### Data extracts
⟨

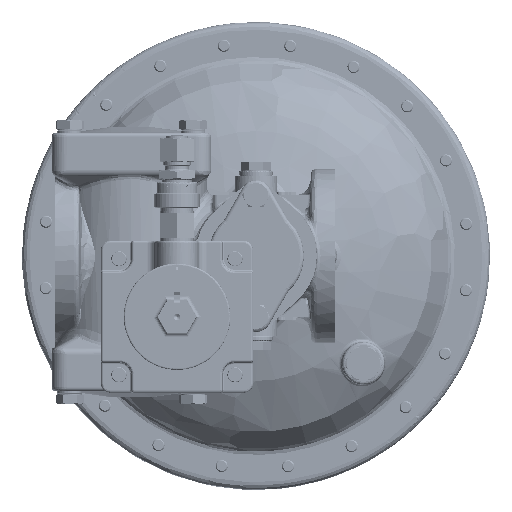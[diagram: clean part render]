
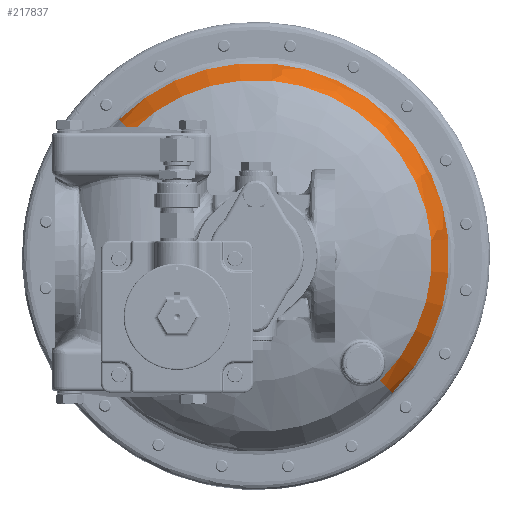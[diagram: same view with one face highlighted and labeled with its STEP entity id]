
A CAD part, front view. The second image highlights one B-rep face of the part: STEP entity #217837.
In plain terms, the highlighted free-form (B-spline) face has degree [3, 3] with [4, 4] control points.
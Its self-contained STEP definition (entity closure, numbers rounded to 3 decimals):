
#1126 = AXIS2_PLACEMENT_3D ( 'NONE', #86338, #204655, #103346 ) ;
#2258 = CARTESIAN_POINT ( 'NONE',  ( 312.702, 136.126, 89.905 ) ) ;
#2608 = VERTEX_POINT ( 'NONE', #186144 ) ;
#2975 = CARTESIAN_POINT ( 'NONE',  ( 124.903, 119.65, -81.915 ) ) ;
#4024 = DIRECTION ( 'NONE',  ( 0., 1., 0. ) ) ;
#5144 = AXIS2_PLACEMENT_3D ( 'NONE', #139328, #38008, #156404 ) ;
#19284 = CARTESIAN_POINT ( 'NONE',  ( -45.273, 129.732, 88.261 ) ) ;
#36336 = CARTESIAN_POINT ( 'NONE',  ( 307.771, 129.732, 88.261 ) ) ;
#38008 = DIRECTION ( 'NONE',  ( -0.707, 0., -0.707 ) ) ;
#40252 = ORIENTED_EDGE ( 'NONE', *, *, #150666, .T. ) ;
#53324 = CARTESIAN_POINT ( 'NONE',  ( -42.553, 124.122, 85.54 ) ) ;
#70389 = CARTESIAN_POINT ( 'NONE',  ( 299.609, 124.122, 85.54 ) ) ;
#77929 = VERTEX_POINT ( 'NONE', #101352 ) ;
#86338 = CARTESIAN_POINT ( 'NONE',  ( -20.335, 149.794, 63.323 ) ) ;
#87368 = CARTESIAN_POINT ( 'NONE',  ( -38.928, 119.65, 81.915 ) ) ;
#90335 = AXIS2_PLACEMENT_3D ( 'NONE', #200737, #99491, #217806 ) ;
#99491 = DIRECTION ( 'NONE',  ( 0., -1., 0. ) ) ;
#100251 = CARTESIAN_POINT ( 'NONE',  ( -38.928, 119.65, 81.915 ) ) ;
#101352 = CARTESIAN_POINT ( 'NONE',  ( -46.917, 136.126, 89.905 ) ) ;
#103346 = DIRECTION ( 'NONE',  ( -0.707, 0., 0.707 ) ) ;
#104430 = CARTESIAN_POINT ( 'NONE',  ( 288.734, 119.65, 81.915 ) ) ;
#105448 = CARTESIAN_POINT ( 'NONE',  ( 42.988, 119.65, 0. ) ) ;
#106052 = CIRCLE ( 'NONE', #157113, 115.846 ) ;
#106540 =( BOUNDED_SURFACE ( )  B_SPLINE_SURFACE ( 3, 3, ( 
 ( #171012, #187950, #2258, #120718 ),
 ( #19284, #137642, #36336, #154723 ),
 ( #53324, #171718, #70389, #188681 ),
 ( #87368, #205685, #104430, #2975 ) ),
 .UNSPECIFIED., .F., .F., .F. ) 
 B_SPLINE_SURFACE_WITH_KNOTS ( ( 4, 4 ),
 ( 4, 4 ),
 ( 0., 1. ),
 ( 0., 1. ),
 .UNSPECIFIED. ) 
 GEOMETRIC_REPRESENTATION_ITEM ( )  RATIONAL_B_SPLINE_SURFACE ( (
 ( 1., 0.333, 0.333, 1.),
 ( 0.979, 0.326, 0.326, 0.979),
 ( 0.979, 0.326, 0.326, 0.979),
 ( 1., 0.333, 0.333, 1.) ) ) 
 REPRESENTATION_ITEM ( '' )  SURFACE ( )  );
#108764 = FACE_OUTER_BOUND ( 'NONE', #146683, .T. ) ;
#111290 = VERTEX_POINT ( 'NONE', #135687 ) ;
#120718 = CARTESIAN_POINT ( 'NONE',  ( 132.893, 136.126, -89.905 ) ) ;
#122435 = DIRECTION ( 'NONE',  ( -0.707, 0., 0.707 ) ) ;
#122895 = VERTEX_POINT ( 'NONE', #100251 ) ;
#123643 = CIRCLE ( 'NONE', #5144, 40. ) ;
#135687 = CARTESIAN_POINT ( 'NONE',  ( 124.903, 119.65, -81.915 ) ) ;
#137642 = CARTESIAN_POINT ( 'NONE',  ( 131.249, 129.732, 264.783 ) ) ;
#139328 = CARTESIAN_POINT ( 'NONE',  ( 106.311, 149.794, -63.323 ) ) ;
#146683 = EDGE_LOOP ( 'NONE', ( #200812, #187986, #40252, #191556 ) ) ;
#150666 = EDGE_CURVE ( 'NONE', #77929, #122895, #179942, .T. ) ;
#154723 = CARTESIAN_POINT ( 'NONE',  ( 131.249, 129.732, -88.261 ) ) ;
#156404 = DIRECTION ( 'NONE',  ( 0.707, 0., -0.707 ) ) ;
#157113 = AXIS2_PLACEMENT_3D ( 'NONE', #105448, #4024, #122435 ) ;
#171012 = CARTESIAN_POINT ( 'NONE',  ( -46.917, 136.126, 89.905 ) ) ;
#171718 = CARTESIAN_POINT ( 'NONE',  ( 128.528, 124.122, 256.621 ) ) ;
#179942 = CIRCLE ( 'NONE', #1126, 40. ) ;
#183096 = CIRCLE ( 'NONE', #90335, 127.145 ) ;
#186144 = CARTESIAN_POINT ( 'NONE',  ( 132.893, 136.126, -89.905 ) ) ;
#187950 = CARTESIAN_POINT ( 'NONE',  ( 132.893, 136.126, 269.714 ) ) ;
#187986 = ORIENTED_EDGE ( 'NONE', *, *, #208979, .T. ) ;
#188681 = CARTESIAN_POINT ( 'NONE',  ( 128.528, 124.122, -85.54 ) ) ;
#191556 = ORIENTED_EDGE ( 'NONE', *, *, #210015, .T. ) ;
#193074 = EDGE_CURVE ( 'NONE', #2608, #111290, #123643, .T. ) ;
#200737 = CARTESIAN_POINT ( 'NONE',  ( 42.988, 136.126, 0. ) ) ;
#200812 = ORIENTED_EDGE ( 'NONE', *, *, #193074, .F. ) ;
#204655 = DIRECTION ( 'NONE',  ( 0.707, 0., 0.707 ) ) ;
#205685 = CARTESIAN_POINT ( 'NONE',  ( 124.903, 119.65, 245.746 ) ) ;
#208979 = EDGE_CURVE ( 'NONE', #2608, #77929, #183096, .T. ) ;
#210015 = EDGE_CURVE ( 'NONE', #122895, #111290, #106052, .T. ) ;
#217806 = DIRECTION ( 'NONE',  ( -0.707, 0., 0.707 ) ) ;
#217837 = ADVANCED_FACE ( 'NONE', ( #108764 ), #106540, .T. ) ;
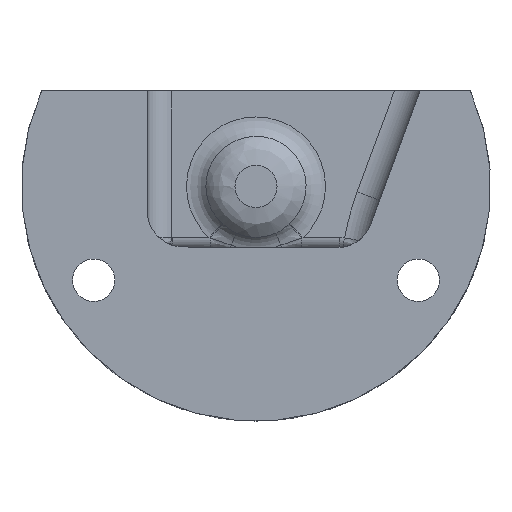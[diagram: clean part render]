
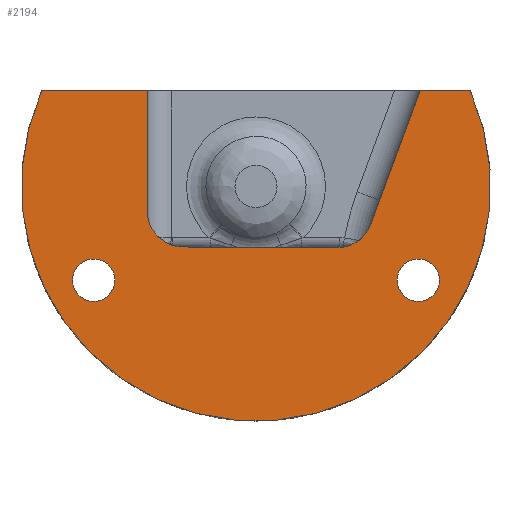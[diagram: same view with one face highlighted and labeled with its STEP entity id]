
A CAD part, left-side view. The second image highlights one B-rep face of the part: STEP entity #2194.
In plain terms, the highlighted planar face has unit normal (-1, 0, 0).
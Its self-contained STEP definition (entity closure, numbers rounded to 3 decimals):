
#17=FACE_BOUND('',#324,.T.);
#18=FACE_BOUND('',#325,.T.);
#108=PLANE('',#2394);
#189=FACE_OUTER_BOUND('',#323,.T.);
#323=EDGE_LOOP('',(#1717,#1718,#1719,#1720,#1721,#1722,#1723,#1724));
#324=EDGE_LOOP('',(#1725));
#325=EDGE_LOOP('',(#1726));
#457=CIRCLE('',#2395,19.4);
#458=CIRCLE('',#2396,3.);
#459=CIRCLE('',#2397,3.);
#460=CIRCLE('',#2398,1.75);
#461=CIRCLE('',#2399,1.75);
#648=LINE('',#4007,#765);
#649=LINE('',#4009,#766);
#650=LINE('',#4013,#767);
#651=LINE('',#4017,#768);
#652=LINE('',#4018,#769);
#765=VECTOR('',#2800,10.);
#766=VECTOR('',#2801,10.);
#767=VECTOR('',#2804,10.);
#768=VECTOR('',#2807,10.);
#769=VECTOR('',#2808,10.);
#979=VERTEX_POINT('',#4003);
#980=VERTEX_POINT('',#4004);
#981=VERTEX_POINT('',#4006);
#982=VERTEX_POINT('',#4008);
#983=VERTEX_POINT('',#4010);
#984=VERTEX_POINT('',#4012);
#985=VERTEX_POINT('',#4014);
#986=VERTEX_POINT('',#4016);
#987=VERTEX_POINT('',#4019);
#988=VERTEX_POINT('',#4021);
#1250=EDGE_CURVE('',#979,#980,#457,.T.);
#1251=EDGE_CURVE('',#979,#981,#648,.T.);
#1252=EDGE_CURVE('',#982,#981,#649,.T.);
#1253=EDGE_CURVE('',#983,#982,#458,.T.);
#1254=EDGE_CURVE('',#984,#983,#650,.T.);
#1255=EDGE_CURVE('',#985,#984,#459,.T.);
#1256=EDGE_CURVE('',#986,#985,#651,.T.);
#1257=EDGE_CURVE('',#986,#980,#652,.T.);
#1258=EDGE_CURVE('',#987,#987,#460,.T.);
#1259=EDGE_CURVE('',#988,#988,#461,.T.);
#1717=ORIENTED_EDGE('',*,*,#1250,.F.);
#1718=ORIENTED_EDGE('',*,*,#1251,.T.);
#1719=ORIENTED_EDGE('',*,*,#1252,.F.);
#1720=ORIENTED_EDGE('',*,*,#1253,.F.);
#1721=ORIENTED_EDGE('',*,*,#1254,.F.);
#1722=ORIENTED_EDGE('',*,*,#1255,.F.);
#1723=ORIENTED_EDGE('',*,*,#1256,.F.);
#1724=ORIENTED_EDGE('',*,*,#1257,.T.);
#1725=ORIENTED_EDGE('',*,*,#1258,.F.);
#1726=ORIENTED_EDGE('',*,*,#1259,.F.);
#2194=ADVANCED_FACE('',(#189,#17,#18),#108,.F.);
#2394=AXIS2_PLACEMENT_3D('',#4002,#2796,#2797);
#2395=AXIS2_PLACEMENT_3D('',#4005,#2798,#2799);
#2396=AXIS2_PLACEMENT_3D('',#4011,#2802,#2803);
#2397=AXIS2_PLACEMENT_3D('',#4015,#2805,#2806);
#2398=AXIS2_PLACEMENT_3D('',#4020,#2809,#2810);
#2399=AXIS2_PLACEMENT_3D('',#4022,#2811,#2812);
#2796=DIRECTION('center_axis',(1.,0.,0.));
#2797=DIRECTION('ref_axis',(0.,1.,0.));
#2798=DIRECTION('center_axis',(1.,0.,0.));
#2799=DIRECTION('ref_axis',(0.,-0.892,0.453));
#2800=DIRECTION('',(0.,1.,0.));
#2801=DIRECTION('',(0.,-0.347,0.938));
#2802=DIRECTION('center_axis',(-1.,0.,0.));
#2803=DIRECTION('ref_axis',(0.,-0.57,-0.822));
#2804=DIRECTION('',(0.,-1.,-0.005));
#2805=DIRECTION('center_axis',(-1.,0.,0.));
#2806=DIRECTION('ref_axis',(0.,0.709,-0.705));
#2807=DIRECTION('',(0.,0.,-1.));
#2808=DIRECTION('',(0.,1.,0.));
#2809=DIRECTION('center_axis',(-1.,0.,0.));
#2810=DIRECTION('ref_axis',(0.,1.,0.));
#2811=DIRECTION('center_axis',(-1.,0.,0.));
#2812=DIRECTION('ref_axis',(0.,1.,0.));
#4002=CARTESIAN_POINT('Origin',(0.,0.,-2.45));
#4003=CARTESIAN_POINT('',(0.,-17.719,7.899));
#4004=CARTESIAN_POINT('',(0.,17.719,7.899));
#4005=CARTESIAN_POINT('Origin',(0.,0.,0.));
#4006=CARTESIAN_POINT('',(0.,-13.583,7.899));
#4007=CARTESIAN_POINT('',(0.,9.691,7.899));
#4008=CARTESIAN_POINT('',(0.,-9.514,-3.103));
#4009=CARTESIAN_POINT('',(0.,-8.786,-5.073));
#4010=CARTESIAN_POINT('',(0.,-6.687,-5.063));
#4011=CARTESIAN_POINT('Origin',(0.,-6.7,-2.063));
#4012=CARTESIAN_POINT('',(0.,6.014,-5.004));
#4013=CARTESIAN_POINT('',(0.,9.,-4.991));
#4014=CARTESIAN_POINT('',(0.,9.,-2.004));
#4015=CARTESIAN_POINT('Origin',(0.,6.,-2.004));
#4016=CARTESIAN_POINT('',(0.,9.,7.899));
#4017=CARTESIAN_POINT('',(0.,9.,14.5));
#4018=CARTESIAN_POINT('',(0.,9.691,7.899));
#4019=CARTESIAN_POINT('',(0.,-15.173,-7.75));
#4020=CARTESIAN_POINT('Origin',(0.,-13.423,-7.75));
#4021=CARTESIAN_POINT('',(0.,11.673,-7.75));
#4022=CARTESIAN_POINT('Origin',(0.,13.423,-7.75));

⟩

### Instructions to follow
For every line of the records that has the word "highlights" in it, make a copy.

### Answer area
A CAD part, front view. The second image highlights one B-rep face of the part: STEP entity #217837.
A CAD part, left-side view. The second image highlights one B-rep face of the part: STEP entity #2194.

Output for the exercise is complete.